Plants of the Musa genus first appeared in southeastern Asia around 100 million years ago. Contrary to what you might think, bananas do not grow on trees. What we refer to as a "tree" is actually a giant herb, closely related to the grasses. It has a stem instead of a trunk, and instead of a root, it grows from a relatively compact round bulb called a "corm". Wild banana species have small fruits that contain many large rock-hard seeds, which make them unsuitable for food. But the corms, though tough and woody, are edible, and were likely used as a food source by ancient people. As a result, sometime around 8,000 years ago, humans living near present-day Malaysia brought two different species of banana, Musa acuminata and Musa balbisiana, together in the same area, perhaps planted together for their corms. The two species hybridized with each other and, by a genetic quirk, produced a hybrid which had three complete sets of chromosomes instead of the normal two (a triploid). This mutation produced an edible fruit which did not have any seeds, which was quickly adopted by humans as a food source. Because the hybrid did not produce any pollen or seeds, it was completely sterile and could not reproduce (like a mule), so it had to be propagated by humans who took the young shoots from the corm and planted them as separate banana trees. As a result, every new banana plant was genetically identical to the tree it was taken from--it was in effect a clone. Bananas are "monocultures"--any particular variety of banana in the world today is a genetic copy of every other banana of the same type, and they are all minor variations on the original edible banana first produced thousands of years ago.

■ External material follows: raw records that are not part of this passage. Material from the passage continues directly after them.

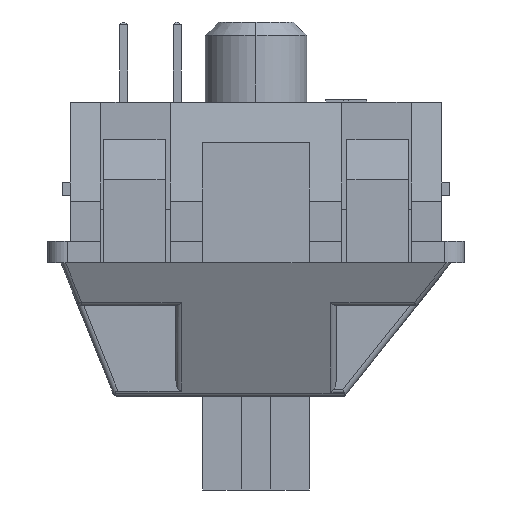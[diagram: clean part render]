
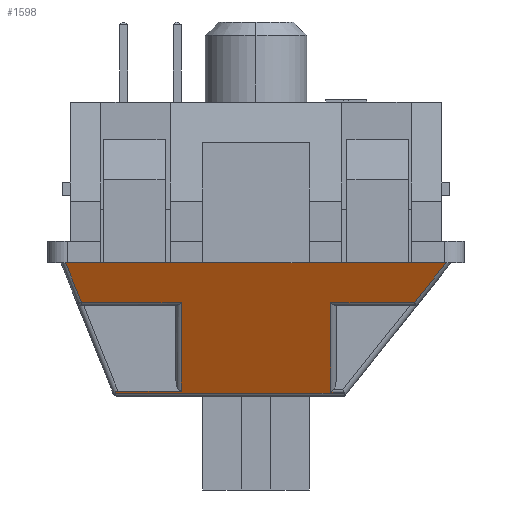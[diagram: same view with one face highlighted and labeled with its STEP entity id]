
A CAD part, left-side view. The second image highlights one B-rep face of the part: STEP entity #1598.
In plain terms, the highlighted face is planar.
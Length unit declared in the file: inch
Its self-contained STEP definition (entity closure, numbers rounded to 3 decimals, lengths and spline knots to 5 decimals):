
#205 = ORIENTED_EDGE ( 'NONE', *, *, #12899, .T. ) ;
#231 = EDGE_LOOP ( 'NONE', ( #2848, #3582, #5296, #11854, #10157, #2025, #11261, #5515, #8886, #715, #7520, #205 ) ) ;
#328 = CARTESIAN_POINT ( 'NONE',  ( -0.25808, 0.11024, 0.05864 ) ) ;
#378 = VERTEX_POINT ( 'NONE', #2043 ) ;
#465 = CARTESIAN_POINT ( 'NONE',  ( -0.1923, -0.20666, 0.1902 ) ) ;
#480 = DIRECTION ( 'NONE',  ( 0., 1., 0. ) ) ;
#715 = ORIENTED_EDGE ( 'NONE', *, *, #1413, .T. ) ;
#885 = DIRECTION ( 'NONE',  ( -0.447, 0., -0.894 ) ) ;
#1310 = VECTOR ( 'NONE', #9609, 39.37008 ) ;
#1413 = EDGE_CURVE ( 'NONE', #8046, #4467, #11753, .T. ) ;
#1598 = ADVANCED_FACE ( 'NONE', ( #3729 ), #9695, .T. ) ;
#1602 = LINE ( 'NONE', #8233, #6744 ) ;
#1656 = AXIS2_PLACEMENT_3D ( 'NONE', #7624, #3535, #10706 ) ;
#1691 = VERTEX_POINT ( 'NONE', #6739 ) ;
#1914 = CARTESIAN_POINT ( 'NONE',  ( -0.2874, 0.28014, 0. ) ) ;
#1998 = EDGE_CURVE ( 'NONE', #10205, #10869, #3712, .T. ) ;
#2025 = ORIENTED_EDGE ( 'NONE', *, *, #4603, .T. ) ;
#2043 = CARTESIAN_POINT ( 'NONE',  ( -0.19291, -0.11024, 0.18898 ) ) ;
#2442 = CARTESIAN_POINT ( 'NONE',  ( -0.2874, -0.2874, 0. ) ) ;
#2455 = VECTOR ( 'NONE', #7737, 39.37008 ) ;
#2708 = EDGE_CURVE ( 'NONE', #4467, #10582, #8733, .T. ) ;
#2848 = ORIENTED_EDGE ( 'NONE', *, *, #1998, .T. ) ;
#2981 = CARTESIAN_POINT ( 'NONE',  ( -0.19115, -0.20727, 0.1925 ) ) ;
#3108 = VECTOR ( 'NONE', #7497, 39.37008 ) ;
#3328 = CARTESIAN_POINT ( 'NONE',  ( -0.19208, -0.2874, 0.19064 ) ) ;
#3332 = DIRECTION ( 'NONE',  ( -0.364, 0.582, -0.727 ) ) ;
#3366 = EDGE_CURVE ( 'NONE', #5426, #8046, #10957, .T. ) ;
#3442 = EDGE_CURVE ( 'NONE', #8650, #5426, #13136, .T. ) ;
#3501 = CARTESIAN_POINT ( 'NONE',  ( -0.19291, -0.20333, 0.18898 ) ) ;
#3535 = DIRECTION ( 'NONE',  ( -0.894, 0., 0.447 ) ) ;
#3582 = ORIENTED_EDGE ( 'NONE', *, *, #8115, .T. ) ;
#3712 = LINE ( 'NONE', #2442, #1310 ) ;
#3729 = FACE_OUTER_BOUND ( 'NONE', #231, .T. ) ;
#3883 = DIRECTION ( 'NONE',  ( 0., 1., 0. ) ) ;
#3895 = VECTOR ( 'NONE', #885, 39.37008 ) ;
#3986 = EDGE_CURVE ( 'NONE', #1691, #378, #5189, .T. ) ;
#4367 = DIRECTION ( 'NONE',  ( 0., -1., 0. ) ) ;
#4429 = LINE ( 'NONE', #7653, #11976 ) ;
#4467 = VERTEX_POINT ( 'NONE', #328 ) ;
#4506 = CARTESIAN_POINT ( 'NONE',  ( -0.19115, 0.12967, 0.1925 ) ) ;
#4545 = CARTESIAN_POINT ( 'NONE',  ( -0.19291, -0.2053, 0.18898 ) ) ;
#4603 = EDGE_CURVE ( 'NONE', #1691, #12696, #12611, .T. ) ;
#5173 = CARTESIAN_POINT ( 'NONE',  ( -0.25808, 0.23322, 0.05864 ) ) ;
#5189 = LINE ( 'NONE', #9801, #2455 ) ;
#5296 = ORIENTED_EDGE ( 'NONE', *, *, #10316, .T. ) ;
#5426 = VERTEX_POINT ( 'NONE', #13220 ) ;
#5513 = VECTOR ( 'NONE', #4367, 39.37008 ) ;
#5515 = ORIENTED_EDGE ( 'NONE', *, *, #3442, .T. ) ;
#5560 = CARTESIAN_POINT ( 'NONE',  ( -0.19151, 0.12968, 0.19177 ) ) ;
#6580 = CARTESIAN_POINT ( 'NONE',  ( -0.19208, 0.12932, 0.19064 ) ) ;
#6588 = EDGE_CURVE ( 'NONE', #12696, #8650, #4429, .T. ) ;
#6739 = CARTESIAN_POINT ( 'NONE',  ( -0.19291, -0.20333, 0.18898 ) ) ;
#6744 = VECTOR ( 'NONE', #9269, 39.37008 ) ;
#6835 = EDGE_CURVE ( 'NONE', #13278, #378, #9877, .T. ) ;
#6849 = CARTESIAN_POINT ( 'NONE',  ( -0.2874, -0.28033, 0. ) ) ;
#7288 = CARTESIAN_POINT ( 'NONE',  ( -0.2874, -0.11024, 0. ) ) ;
#7410 = CARTESIAN_POINT ( 'NONE',  ( -0.19208, 0.11024, 0.19064 ) ) ;
#7453 = VECTOR ( 'NONE', #3332, 39.37008 ) ;
#7497 = DIRECTION ( 'NONE',  ( 0.421, 0.337, 0.842 ) ) ;
#7520 = ORIENTED_EDGE ( 'NONE', *, *, #2708, .T. ) ;
#7624 = CARTESIAN_POINT ( 'NONE',  ( -0.2874, -0.2874, 0. ) ) ;
#7635 = CARTESIAN_POINT ( 'NONE',  ( -0.19115, -0.20727, 0.1925 ) ) ;
#7653 = CARTESIAN_POINT ( 'NONE',  ( -0.19115, 0.12992, 0.1925 ) ) ;
#7713 = VERTEX_POINT ( 'NONE', #8258 ) ;
#7737 = DIRECTION ( 'NONE',  ( 0., 1., 0. ) ) ;
#8046 = VERTEX_POINT ( 'NONE', #7410 ) ;
#8115 = EDGE_CURVE ( 'NONE', #10869, #7713, #8579, .T. ) ;
#8233 = CARTESIAN_POINT ( 'NONE',  ( -0.25808, -0.2874, 0.05864 ) ) ;
#8258 = CARTESIAN_POINT ( 'NONE',  ( -0.25808, -0.25687, 0.05864 ) ) ;
#8528 = CARTESIAN_POINT ( 'NONE',  ( -0.25691, -0.25594, 0.06099 ) ) ;
#8579 = LINE ( 'NONE', #8528, #3108 ) ;
#8650 = VERTEX_POINT ( 'NONE', #10943 ) ;
#8733 = LINE ( 'NONE', #10041, #11135 ) ;
#8886 = ORIENTED_EDGE ( 'NONE', *, *, #3366, .T. ) ;
#9038 = CARTESIAN_POINT ( 'NONE',  ( -0.25808, -0.11024, 0.05864 ) ) ;
#9269 = DIRECTION ( 'NONE',  ( 0., 1., 0. ) ) ;
#9343 = DIRECTION ( 'NONE',  ( 0.447, 0., 0.894 ) ) ;
#9481 = CARTESIAN_POINT ( 'NONE',  ( -0.28894, 0.2826, -0.00308 ) ) ;
#9541 = VECTOR ( 'NONE', #9343, 39.37008 ) ;
#9609 = DIRECTION ( 'NONE',  ( 0., -1., 0. ) ) ;
#9695 = PLANE ( 'NONE',  #1656 ) ;
#9801 = CARTESIAN_POINT ( 'NONE',  ( -0.19291, -0.2874, 0.18898 ) ) ;
#9877 = LINE ( 'NONE', #7288, #9541 ) ;
#10041 = CARTESIAN_POINT ( 'NONE',  ( -0.25808, -0.2874, 0.05864 ) ) ;
#10157 = ORIENTED_EDGE ( 'NONE', *, *, #3986, .F. ) ;
#10205 = VERTEX_POINT ( 'NONE', #1914 ) ;
#10316 = EDGE_CURVE ( 'NONE', #7713, #13278, #1602, .T. ) ;
#10582 = VERTEX_POINT ( 'NONE', #5173 ) ;
#10706 = DIRECTION ( 'NONE',  ( 0.447, 0., 0.894 ) ) ;
#10869 = VERTEX_POINT ( 'NONE', #6849 ) ;
#10943 = CARTESIAN_POINT ( 'NONE',  ( -0.19115, 0.12967, 0.1925 ) ) ;
#10957 = LINE ( 'NONE', #3328, #5513 ) ;
#11135 = VECTOR ( 'NONE', #3883, 39.37008 ) ;
#11261 = ORIENTED_EDGE ( 'NONE', *, *, #6588, .T. ) ;
#11753 = LINE ( 'NONE', #13166, #3895 ) ;
#11854 = ORIENTED_EDGE ( 'NONE', *, *, #6835, .T. ) ;
#11976 = VECTOR ( 'NONE', #480, 39.37008 ) ;
#12571 = LINE ( 'NONE', #9481, #7453 ) ;
#12611 =( BOUNDED_CURVE ( )  B_SPLINE_CURVE ( 3, ( #3501, #4545, #465, #7635 ),
 .UNSPECIFIED., .F., .F. ) 
 B_SPLINE_CURVE_WITH_KNOTS ( ( 4, 4 ),
 ( 6.09958, 6.78145 ),
 .UNSPECIFIED. ) 
 CURVE ( )  GEOMETRIC_REPRESENTATION_ITEM ( )  RATIONAL_B_SPLINE_CURVE ( ( 1., 0.962, 0.962, 1. ) ) 
 REPRESENTATION_ITEM ( '' )  );
#12693 = CARTESIAN_POINT ( 'NONE',  ( -0.19183, 0.12956, 0.19115 ) ) ;
#12696 = VERTEX_POINT ( 'NONE', #2981 ) ;
#12899 = EDGE_CURVE ( 'NONE', #10582, #10205, #12571, .T. ) ;
#13136 =( BOUNDED_CURVE ( )  B_SPLINE_CURVE ( 3, ( #4506, #5560, #12693, #6580 ),
 .UNSPECIFIED., .F., .F. ) 
 B_SPLINE_CURVE_WITH_KNOTS ( ( 4, 4 ),
 ( 2.76246, 2.98069 ),
 .UNSPECIFIED. ) 
 CURVE ( )  GEOMETRIC_REPRESENTATION_ITEM ( )  RATIONAL_B_SPLINE_CURVE ( ( 1., 0.996, 0.996, 1. ) ) 
 REPRESENTATION_ITEM ( '' )  );
#13166 = CARTESIAN_POINT ( 'NONE',  ( -0.2874, 0.11024, 0. ) ) ;
#13220 = CARTESIAN_POINT ( 'NONE',  ( -0.19208, 0.12932, 0.19064 ) ) ;
#13278 = VERTEX_POINT ( 'NONE', #9038 ) ;

For the next 7,000 years, the domestic banana was carried by humans all across the world, and was selectively-bred and hybridized further into a large number of varieties. These fall into two types: the "plantains" are generally smaller, firmer, tart in taste, green in color, and intended to be cooked (like potatoes), while the "bananas" are larger, softer and sweeter, are yellow, orange or red instead of green, and intended to be eaten raw. From Malaysia, bananas were spread into China and India, on to the Middle East, and down into Africa. In the Middle East, they were known as "figs". When the Biblical story describes Adam and Eve sewing clothes from "fig leaves", it is actually banana leaves that are being referred to, and several ancient Arabic and Hebrew texts, including the Quran, identify the fruit in the Garden of Eden as a banana, not an apple.

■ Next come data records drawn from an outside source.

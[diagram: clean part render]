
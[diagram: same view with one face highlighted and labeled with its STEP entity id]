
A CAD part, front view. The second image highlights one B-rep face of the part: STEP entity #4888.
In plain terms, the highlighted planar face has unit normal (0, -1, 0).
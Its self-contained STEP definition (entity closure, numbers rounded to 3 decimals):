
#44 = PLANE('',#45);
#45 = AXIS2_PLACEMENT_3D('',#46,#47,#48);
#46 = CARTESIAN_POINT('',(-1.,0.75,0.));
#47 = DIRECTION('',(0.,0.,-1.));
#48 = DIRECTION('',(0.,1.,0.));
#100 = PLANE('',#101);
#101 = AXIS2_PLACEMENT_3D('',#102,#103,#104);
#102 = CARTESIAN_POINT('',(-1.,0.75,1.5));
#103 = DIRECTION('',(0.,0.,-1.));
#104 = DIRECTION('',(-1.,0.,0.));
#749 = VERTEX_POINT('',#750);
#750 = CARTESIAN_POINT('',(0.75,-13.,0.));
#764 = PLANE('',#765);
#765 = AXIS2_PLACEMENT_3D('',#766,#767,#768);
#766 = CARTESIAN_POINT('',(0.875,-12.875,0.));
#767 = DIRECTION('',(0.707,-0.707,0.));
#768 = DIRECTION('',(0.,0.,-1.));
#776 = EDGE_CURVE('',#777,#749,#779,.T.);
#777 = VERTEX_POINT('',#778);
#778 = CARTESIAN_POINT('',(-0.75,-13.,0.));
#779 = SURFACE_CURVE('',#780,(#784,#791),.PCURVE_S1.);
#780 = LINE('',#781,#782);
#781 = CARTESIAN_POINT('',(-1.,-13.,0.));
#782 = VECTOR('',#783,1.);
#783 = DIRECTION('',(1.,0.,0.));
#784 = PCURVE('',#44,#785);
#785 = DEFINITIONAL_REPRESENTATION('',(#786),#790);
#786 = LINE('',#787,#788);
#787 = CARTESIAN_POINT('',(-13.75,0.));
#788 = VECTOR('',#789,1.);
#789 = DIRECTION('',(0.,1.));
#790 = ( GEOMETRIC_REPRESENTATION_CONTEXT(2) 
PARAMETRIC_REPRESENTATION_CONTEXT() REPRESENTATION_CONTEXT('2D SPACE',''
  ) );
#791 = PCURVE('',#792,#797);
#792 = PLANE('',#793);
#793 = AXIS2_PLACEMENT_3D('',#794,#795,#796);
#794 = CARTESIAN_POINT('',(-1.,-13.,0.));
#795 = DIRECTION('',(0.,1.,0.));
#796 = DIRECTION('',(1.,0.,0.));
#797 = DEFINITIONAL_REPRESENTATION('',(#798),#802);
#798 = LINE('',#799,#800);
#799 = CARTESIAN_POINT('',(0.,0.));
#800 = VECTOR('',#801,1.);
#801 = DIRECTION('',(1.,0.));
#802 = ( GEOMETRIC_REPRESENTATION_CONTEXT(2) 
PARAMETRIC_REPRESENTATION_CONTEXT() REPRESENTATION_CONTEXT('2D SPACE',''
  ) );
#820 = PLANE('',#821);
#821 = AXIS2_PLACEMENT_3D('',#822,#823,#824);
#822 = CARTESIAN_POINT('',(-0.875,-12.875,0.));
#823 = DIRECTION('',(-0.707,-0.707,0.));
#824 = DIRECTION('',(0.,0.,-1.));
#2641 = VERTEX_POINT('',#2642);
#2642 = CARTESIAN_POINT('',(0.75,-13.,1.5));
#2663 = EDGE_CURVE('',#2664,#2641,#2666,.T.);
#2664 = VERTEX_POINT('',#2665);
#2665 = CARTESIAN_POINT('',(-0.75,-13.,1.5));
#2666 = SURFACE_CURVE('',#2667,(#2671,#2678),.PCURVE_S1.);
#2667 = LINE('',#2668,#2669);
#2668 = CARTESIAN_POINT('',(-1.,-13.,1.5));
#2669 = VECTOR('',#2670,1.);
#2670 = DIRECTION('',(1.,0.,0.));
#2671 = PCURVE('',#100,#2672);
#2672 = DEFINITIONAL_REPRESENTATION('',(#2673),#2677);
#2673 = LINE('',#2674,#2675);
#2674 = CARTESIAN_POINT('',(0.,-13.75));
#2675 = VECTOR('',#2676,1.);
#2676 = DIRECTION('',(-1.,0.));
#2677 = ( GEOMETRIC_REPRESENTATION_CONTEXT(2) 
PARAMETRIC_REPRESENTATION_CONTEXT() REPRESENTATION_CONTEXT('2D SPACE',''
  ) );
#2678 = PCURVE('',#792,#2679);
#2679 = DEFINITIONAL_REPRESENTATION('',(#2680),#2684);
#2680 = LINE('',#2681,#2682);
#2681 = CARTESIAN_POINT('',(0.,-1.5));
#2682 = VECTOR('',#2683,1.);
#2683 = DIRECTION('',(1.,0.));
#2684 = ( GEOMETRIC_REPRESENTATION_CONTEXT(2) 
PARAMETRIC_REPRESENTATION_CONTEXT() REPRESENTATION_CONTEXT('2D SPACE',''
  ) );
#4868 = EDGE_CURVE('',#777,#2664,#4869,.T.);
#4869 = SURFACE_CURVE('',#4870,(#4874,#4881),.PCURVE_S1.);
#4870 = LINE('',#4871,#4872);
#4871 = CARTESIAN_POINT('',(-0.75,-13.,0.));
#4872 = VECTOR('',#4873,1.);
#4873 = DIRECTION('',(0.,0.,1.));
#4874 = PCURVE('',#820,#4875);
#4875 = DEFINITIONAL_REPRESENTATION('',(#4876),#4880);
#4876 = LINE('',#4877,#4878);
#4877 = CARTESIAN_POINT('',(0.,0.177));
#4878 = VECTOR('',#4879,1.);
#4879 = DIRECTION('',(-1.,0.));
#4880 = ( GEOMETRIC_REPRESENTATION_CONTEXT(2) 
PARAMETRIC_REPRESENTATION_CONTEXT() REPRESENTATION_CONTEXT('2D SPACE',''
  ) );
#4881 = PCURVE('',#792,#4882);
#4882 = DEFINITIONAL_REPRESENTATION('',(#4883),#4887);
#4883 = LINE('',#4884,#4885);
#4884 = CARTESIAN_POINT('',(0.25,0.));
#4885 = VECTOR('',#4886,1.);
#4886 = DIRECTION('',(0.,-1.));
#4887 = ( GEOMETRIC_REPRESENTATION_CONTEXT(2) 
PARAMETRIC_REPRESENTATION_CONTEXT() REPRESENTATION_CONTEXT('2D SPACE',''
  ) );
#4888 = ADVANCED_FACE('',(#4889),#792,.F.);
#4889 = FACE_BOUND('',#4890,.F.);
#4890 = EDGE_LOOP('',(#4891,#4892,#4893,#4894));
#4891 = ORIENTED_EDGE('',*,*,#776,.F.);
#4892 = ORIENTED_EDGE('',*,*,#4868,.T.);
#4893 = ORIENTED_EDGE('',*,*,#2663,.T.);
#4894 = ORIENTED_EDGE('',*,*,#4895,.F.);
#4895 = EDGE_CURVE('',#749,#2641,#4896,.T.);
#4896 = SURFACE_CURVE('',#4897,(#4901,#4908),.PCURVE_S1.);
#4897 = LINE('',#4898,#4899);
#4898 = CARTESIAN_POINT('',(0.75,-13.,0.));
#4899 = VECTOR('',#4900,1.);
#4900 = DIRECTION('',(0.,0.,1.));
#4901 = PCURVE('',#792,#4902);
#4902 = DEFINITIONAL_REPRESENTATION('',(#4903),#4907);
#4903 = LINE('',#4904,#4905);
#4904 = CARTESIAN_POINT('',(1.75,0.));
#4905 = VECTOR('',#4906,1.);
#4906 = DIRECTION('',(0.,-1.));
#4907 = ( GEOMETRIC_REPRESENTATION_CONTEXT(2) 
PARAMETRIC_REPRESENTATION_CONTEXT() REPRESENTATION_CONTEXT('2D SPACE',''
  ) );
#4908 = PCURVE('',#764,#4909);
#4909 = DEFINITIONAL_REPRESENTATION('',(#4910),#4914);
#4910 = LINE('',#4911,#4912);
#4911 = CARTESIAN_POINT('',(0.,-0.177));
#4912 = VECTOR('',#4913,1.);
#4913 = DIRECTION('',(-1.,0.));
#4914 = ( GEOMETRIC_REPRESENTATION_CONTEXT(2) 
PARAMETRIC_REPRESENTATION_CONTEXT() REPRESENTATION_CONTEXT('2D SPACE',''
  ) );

In the central portions of Africa, particularly around Lake Victoria, where rice, wheat, or potatoes do not grow well, the banana (particularly the plantain) became established as the primary food crop, and traditional staple foods like matoke, alloco, and kelewele are made from plantains; bananas are also used to brew a beer called tonto and a liquor called waragi.

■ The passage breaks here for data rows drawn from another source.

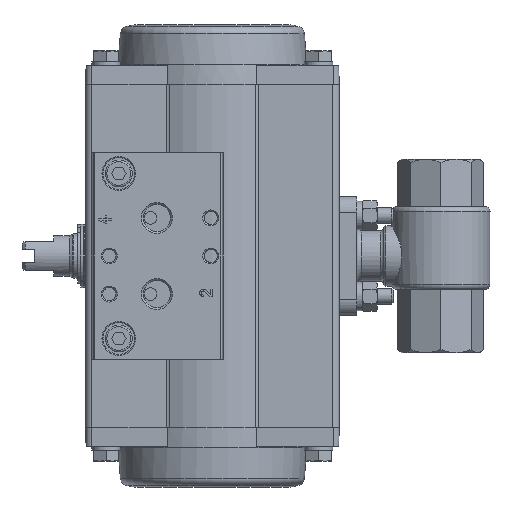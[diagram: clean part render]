
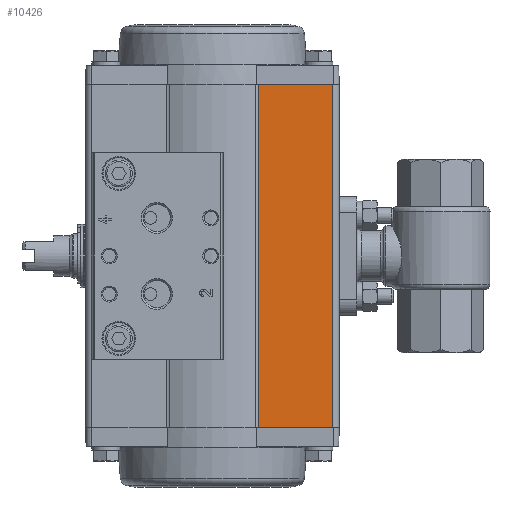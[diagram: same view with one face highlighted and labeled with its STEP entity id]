
A CAD part, left-side view. The second image highlights one B-rep face of the part: STEP entity #10426.
In plain terms, the highlighted face is planar.
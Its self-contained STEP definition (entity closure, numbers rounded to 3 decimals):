
#1129=LINE('',#16283,#1746);
#1153=LINE('',#16421,#1770);
#1189=LINE('',#16529,#1806);
#1190=LINE('',#16530,#1807);
#1746=VECTOR('',#12880,1000.);
#1770=VECTOR('',#12946,1000.);
#1806=VECTOR('',#13038,1000.);
#1807=VECTOR('',#13039,1000.);
#2788=ORIENTED_EDGE('',*,*,#5423,.F.);
#2789=ORIENTED_EDGE('',*,*,#5524,.F.);
#2790=ORIENTED_EDGE('',*,*,#5471,.T.);
#2791=ORIENTED_EDGE('',*,*,#5525,.T.);
#5423=EDGE_CURVE('',#6827,#6835,#1129,.T.);
#5471=EDGE_CURVE('',#6857,#6875,#1153,.T.);
#5524=EDGE_CURVE('',#6857,#6827,#1189,.T.);
#5525=EDGE_CURVE('',#6875,#6835,#1190,.T.);
#6827=VERTEX_POINT('',#16253);
#6835=VERTEX_POINT('',#16284);
#6857=VERTEX_POINT('',#16350);
#6875=VERTEX_POINT('',#16420);
#8148=EDGE_LOOP('',(#2788,#2789,#2790,#2791));
#9129=FACE_BOUND('',#8148,.T.);
#10008=PLANE('',#11368);
#10426=ADVANCED_FACE('',(#9129),#10008,.F.);
#11368=AXIS2_PLACEMENT_3D('',#16528,#13036,#13037);
#12880=DIRECTION('',(0.,-1.,0.));
#12946=DIRECTION('',(0.,-1.,0.));
#13036=DIRECTION('',(-1.,0.,0.));
#13037=DIRECTION('',(0.,0.,1.));
#13038=DIRECTION('',(0.,0.,-1.));
#13039=DIRECTION('',(0.,0.,-1.));
#16253=CARTESIAN_POINT('',(26.5,-14.552,-54.15));
#16283=CARTESIAN_POINT('',(26.5,40.,-54.15));
#16284=CARTESIAN_POINT('',(26.5,-38.,-54.15));
#16350=CARTESIAN_POINT('',(26.5,-14.552,54.15));
#16420=CARTESIAN_POINT('',(26.5,-38.,54.15));
#16421=CARTESIAN_POINT('',(26.5,40.,54.15));
#16528=CARTESIAN_POINT('',(26.5,14.552,54.15));
#16529=CARTESIAN_POINT('',(26.5,-14.552,54.15));
#16530=CARTESIAN_POINT('',(26.5,-38.,54.25));

As a tropical plant, bananas do not grow in Europe's climate, and Europeans were not introduced to them until the great voyages of exploration, and did not really accept them as foods until the 19th century. In 1835, a French explorer named Nicolas Baudin, while trekking through the jungles of Vietnam and Cambodia, was given some sweet bananas, and liked them so much that he took a few corms with him, carrying them to the botanical garden on the French Caribbean island of Martinique. Here it came known as "Baudin's Fig", and soon spread to the nearby island of Jamaica, where it was renamed the "Gros Michel" ("Big Michael") banana.
By this time, several other banana varieties had already made their way to the Caribbean, brought from Africa and Asia. Though used for local consumption, virtually none were being exported to the huge markets in the United States or Europe. Most varieties of banana have characteristics which make them unsuitable for large-scale plantation farming. Bananas have a very short shelf life once removed from the tree--they can rot in as little as a week, which makes them unsuited for long ocean voyages. Most varieties are delicate and bruise easily when packed and shipped, producing big brown soft spots which consumers don't want, and which quickly cause the banana to rot. The trees themselves, being shallowly-rooted, are vulnerable to high winds. And many banana varieties have a color or taste or consistency that make them unappealing to consumers.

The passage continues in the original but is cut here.